To keep term life insurance affordable for as long as you need it, consider these tips:

  • Lock in lower rates initially by purchasing coverage at a younger age
  • Select longest term length you can comfortably commit to, often 20 or 30 years
  • Try laddering multiple smaller policies instead of one large benefit
  • Pay annually or semi-annually rather than monthly to save on fees
  • Take advantage of employer or group life insurance while working
  • Comparison shop at renewal and get quotes from multiple insurers
  • Ask about any discounts for being healthy or maintaining healthy habits
  • Reduce death benefit and term length if full coverage is no longer needed

Frequently asked questions

When should I stop paying premiums on my term life insurance policy?

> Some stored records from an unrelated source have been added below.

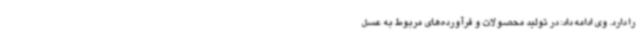
را دارد. وی ادامه داد: در تولید محصولات و فرآورده‌های مربوط به عسل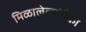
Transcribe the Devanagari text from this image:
मिळालेल्यांपैकी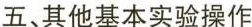
五、其他基本实验操作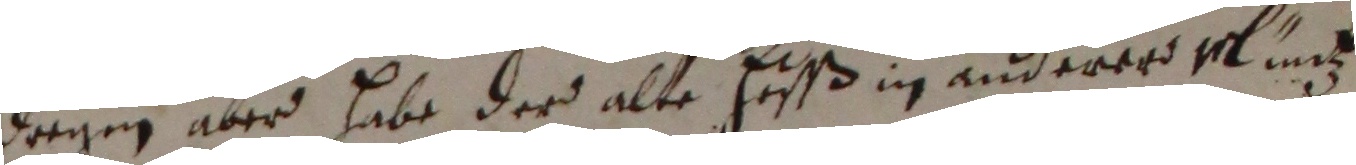
dreyen aber habe der alte hußß in anderer mund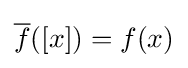
{\overline {f}}([x])=f(x)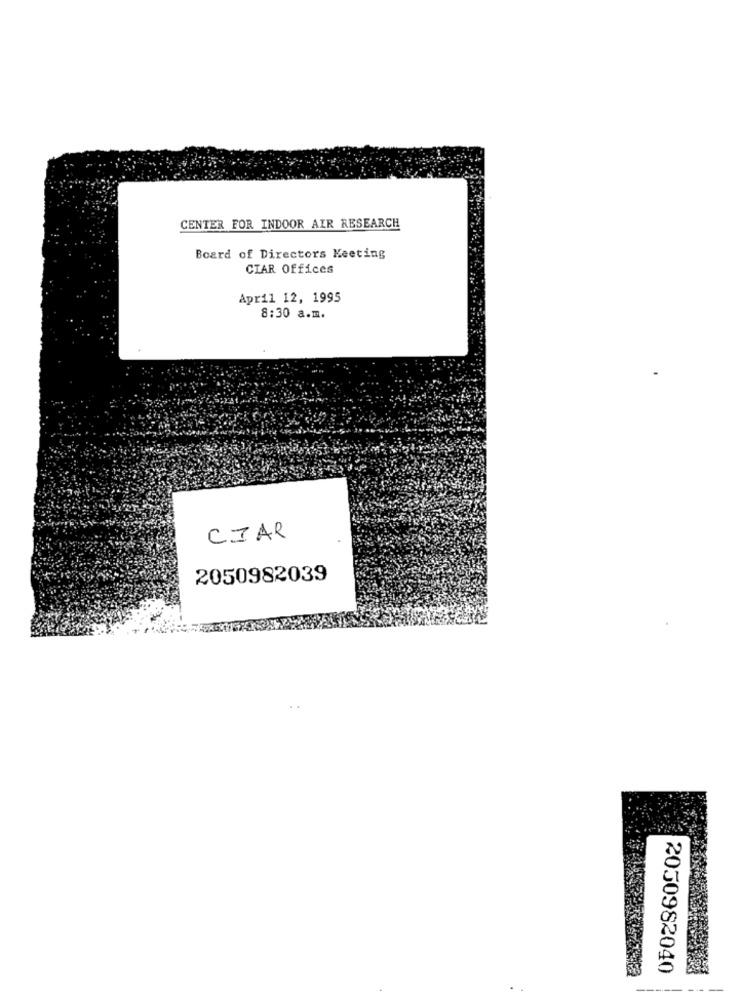
CENTER FOR INDOOR AIR RESEARCH
Board of Directors Meeting
CIAR Offices
April 12, 1995
8:30 a.m.
CIAR
2050982039
2050982040
-------

You may want to stop paying premiums when the term expires, the need for coverage goes away, or premium costs become unaffordable. Evaluate your specific income, debt, dependents and retirement planning situation.

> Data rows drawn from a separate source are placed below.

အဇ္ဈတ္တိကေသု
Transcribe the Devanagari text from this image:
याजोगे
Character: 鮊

What happens if I stop paying term life premiums?

If you stop paying premiums, the policy will lapse and coverage will end. Try to avoid coverage lapsing unintentionally. Make an informed decision on when to stop coverage or modify the policy as needed.

Can I renew my term life policy after the term expires?

Most term life policies allow you to renew for an additional term without taking a new medical exam. Renewal premiums will be higher based on your attained age at that point.

Is it smart to convert term to permanent life insurance?

Converting term to permanent coverage can provide lifetime protection and cash value accumulation. Doing so at a younger age locks in lower premiums. But it’s also more expensive upfront than continuing term insurance.

Should I ever buy lifetime term life insurance?

Lifetime term life insurance maintains level premiums until age 100 or 120. This avoids premium increases but comes at a higher upfront cost. Guaranteed universal or whole life insurance can be a better permanent option.

The bottom line

Determining when to stop paying for term life insurance depends on your budget, health, life stage and specific insurance needs. There’s no universal age where term life no longer makes sense. Carefully evaluate your situation on an ongoing basis and make changes accordingly.

With smart planning, term life insurance can provide temporary coverage when you need it most. Making informed decisions will help ensure it stays affordable while you need protection without overpaying.